BEGIN

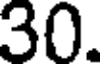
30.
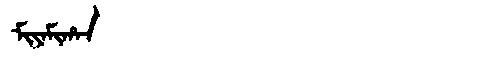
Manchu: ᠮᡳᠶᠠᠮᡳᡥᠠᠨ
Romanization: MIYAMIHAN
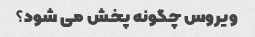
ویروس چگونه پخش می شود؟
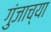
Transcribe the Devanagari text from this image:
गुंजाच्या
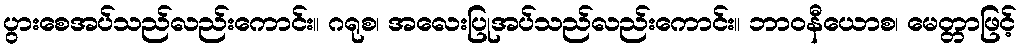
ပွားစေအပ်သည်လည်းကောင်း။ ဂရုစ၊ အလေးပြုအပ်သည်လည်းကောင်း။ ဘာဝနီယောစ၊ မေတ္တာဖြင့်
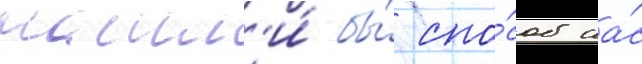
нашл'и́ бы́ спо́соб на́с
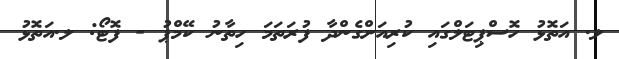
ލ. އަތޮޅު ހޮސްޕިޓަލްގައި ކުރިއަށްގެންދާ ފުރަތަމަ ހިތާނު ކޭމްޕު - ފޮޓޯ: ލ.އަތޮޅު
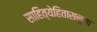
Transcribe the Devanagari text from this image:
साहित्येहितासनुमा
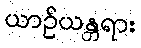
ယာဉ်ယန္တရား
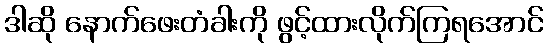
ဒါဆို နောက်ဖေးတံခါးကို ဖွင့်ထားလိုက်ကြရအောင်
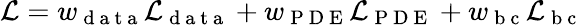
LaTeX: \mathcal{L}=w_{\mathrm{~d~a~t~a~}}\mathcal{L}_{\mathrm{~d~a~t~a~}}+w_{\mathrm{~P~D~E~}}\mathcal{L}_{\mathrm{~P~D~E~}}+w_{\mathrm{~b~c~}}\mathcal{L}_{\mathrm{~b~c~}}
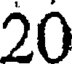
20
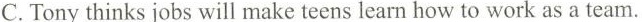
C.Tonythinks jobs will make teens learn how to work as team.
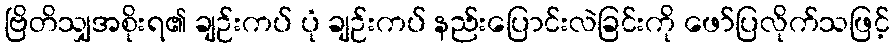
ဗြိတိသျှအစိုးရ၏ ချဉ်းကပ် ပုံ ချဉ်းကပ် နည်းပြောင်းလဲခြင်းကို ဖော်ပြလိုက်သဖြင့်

END

Print the listing above in full, exactly as written. Omit any pictures.

**Answer to this exercise:**
30.
Manchu: ᠮᡳᠶᠠᠮᡳᡥᠠᠨ
Romanization: MIYAMIHAN
ویروس چگونه پخش می شود؟
Transcribe the Devanagari text from this image:
गुंजाच्या
ပွားစေအပ်သည်လည်းကောင်း။ ဂရုစ၊ အလေးပြုအပ်သည်လည်းကောင်း။ ဘာဝနီယောစ၊ မေတ္တာဖြင့်
нашл'и́ бы́ спо́соб на́с
ލ. އަތޮޅު ހޮސްޕިޓަލްގައި ކުރިއަށްގެންދާ ފުރަތަމަ ހިތާނު ކޭމްޕު - ފޮޓޯ: ލ.އަތޮޅު
Transcribe the Devanagari text from this image:
साहित्येहितासनुमा
ယာဉ်ယန္တရား
ဒါဆို နောက်ဖေးတံခါးကို ဖွင့်ထားလိုက်ကြရအောင်
LaTeX: \mathcal{L}=w_{\mathrm{~d~a~t~a~}}\mathcal{L}_{\mathrm{~d~a~t~a~}}+w_{\mathrm{~P~D~E~}}\mathcal{L}_{\mathrm{~P~D~E~}}+w_{\mathrm{~b~c~}}\mathcal{L}_{\mathrm{~b~c~}}
20
C.Tonythinks jobs will make teens learn how to work as team.
ဗြိတိသျှအစိုးရ၏ ချဉ်းကပ် ပုံ ချဉ်းကပ် နည်းပြောင်းလဲခြင်းကို ဖော်ပြလိုက်သဖြင့်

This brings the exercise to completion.